Recently, recoverable DN hydrogels composed of a physically crosslinked first network (i.e., alginate19 and agarose20) have been reported. However, heating to elevated temperatures for extensive periods of time (i.e., 80°C for 1 day and 100°C for 30 min for alginate and agar, respectively) was needed for recovery, which is impractical for many applications. Additionally, only less than 70 % energy recovery was reported. Other recoverable DN hydrogels have not been able to replicate the elevated mechanical properties of DN.2123

Marine mussels secrete adhesive proteins that enable these organisms to bind to different surfaces in a wet environment.24, 25 These proteins contain a unique amino acid, 3,4-dihydroxyphenylalanine (DOPA), with a catechol side chain that is capable of binding to both organic and inorganic surfaces through either covalent crosslinking or strong reversible bonds.26 Hydrogels constructed by catechol-metal ions complexation,27, 28 catechol-boronate complexation,29 and catechol-inorganic nanoparticles interfacial binding30 have demonstrated self-healing property. Specifically, the reversible bond formed between a catechol and a metal surface averaged around 800 pN, reaching 40 % that of a covalent bond.31 Our lab previously exploited this interaction to create nanocomposite hydrogels with improved strength and toughness by incorporating network-bound catechol and a nano-silicate, Laponite.3234 These nanocomposite hydrogels were capable of sustaining repeated large strain (0.8) deformation and recovery without fracturing.32

In this work, we tested the hypothesis that the incorporation of catechol and Laponite can be used to construct recoverable DN hydrogels. Both network-bound catechol and Laponite were introduced into the first network and the influence of catechol-Laponite interaction on the recovery property of the nanocomposite DN hydrogel was evaluated.

Experimental

Materials

Acrylamide (AAm) and 2-acrylamido-2-methyl-1-propanesulfonic acid (AMPS) were purchased from Sigma Aldrich (St. Louis, MO). N,N’-Methylene-bisacrylamide (MBAA) and 2,2-dimethoxy-2-phenylacetophenone (DMPA) were obtained from Acros Organics (Geel, Belgium). Dimethyl sulfoxide (DMSO) was purchased from Fisher Scientific Co. (Pittsburgh, PA). Dopamine methacrylamide (DMA), which contained the adhesive catechol and polymerizable methacrylate group, was synthesized as previously described.35 Laponite XLG was a gift from Southern Clay Products, Inc. (Austin, TX).

Synthesis of hydrogel

The double network hydrogels were prepared in two steps. To prepare the first network, Laponite, AAm, and AMPS were dissolved in deionized water. DMA and MBAA were dissolved in an aqueous solution containing 50 % DMSO. DMPA was dissolved in anhydrous ethanol at 10 mg/ml. These three solutions were mixed together to give the precursor solution for the first network, and the combined monomer (AAm/AMPS/DMA) concentration was kept at 1 M in the precursor solution. The concentration of AAm and AMPS were kept at equimolar while the concentration of DMA was kept at either 0–10 mol% relative to the total concentration of the monomers. The crosslinker (MBAA) and the photoinitiator (DMPA) were kept at 4 and 0.1 mol%, respectively, relative to the monomers. Laponite was kept at 0–4 wt% in the precursor solution. The precursor solution was deoxygenated with three vacuum-nitrogen purge cycles32 and photo-irradiated for 2.5 h in a mould consisting of two glass plates separated by 1.5 mm thick rubber spacer using a UV crosslinker (XL-1000, Spectronics Corporation, Westbury, NY) located in a nitrogen-filled glove box (830-ABB Plas-Labs, Lansing, MI). The first network hydrogels were denoted using the notation DxLy, where x is the mol % of the DMA relative to monomer and y is the wt% of Laponite.
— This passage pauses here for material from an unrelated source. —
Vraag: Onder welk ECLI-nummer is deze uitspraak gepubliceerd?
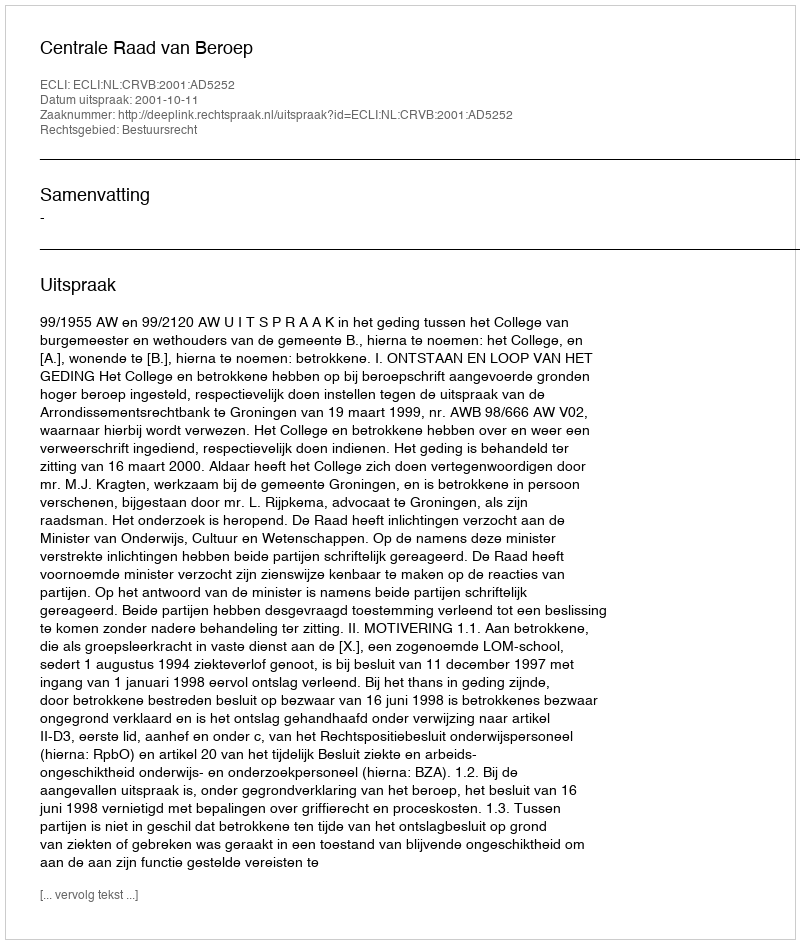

The first network hydrogel was submerged in the degassed second network precursor solution, composed of 2 M AAm, 0.1 mol % MBAA and DMPA for 24 h. The swollen hydrogel that was infused with the second network precursor solution was photo-irradiated for 2.5 h in a nitrogen-filled glove box. DN hydrogels were denoted using the notation DxLy/DN. A second network composed of PAAm was also synthesized by photo-irradiating the precursor solution.

Hydrogel characterization

Fourier transform infrared (FTIR) spectra of the dried samples were obtained using a Perkin Elmer Spectrum One spectrometer. Equilibrium water content (EWC) was determined by incubating the hydrogels in mildly acidic water (pH = 3.5) and vacuum-dried for 2 days. EWC was defined as:

EWC=MsMdMs×100% (1)

where Ms and Md are the mass of swollen and dried hydrogels, respectively. The mass ratio between the second network and the first network within a DN (Rmass) was defined as:

Rmass=MDNMFNMFN (2)

where MFN and MDN denote the average dry mass of the first network and its corresponding DN hydrogel, respectively.

Compression testing

Unconfined, uniaxial compression testing was performed using an ElectroForce 3200 Series III Test Instrument (Bose Corporation, Eden Prairie, MN, USA). Hydrogels (n = 3) were compressed at a rate of 1.8 mm/min until the sample fractured. The dimensions of each hydrogel (diameter ~ 7 mm; thickness ~ 3 mm) were measured using a digital caliper immediately before testing. Stress was determined based on the measured load divided by the initial surface area of the sample. Strain was determined by dividing the change in the position of the compressing plate by the initial thickness of the hydrogel. Toughness was determined by the integral of the stress-strain curve. The elastic modulus was taken from the slope of the stress-strain curve between a strain of 0.05 and 0.15.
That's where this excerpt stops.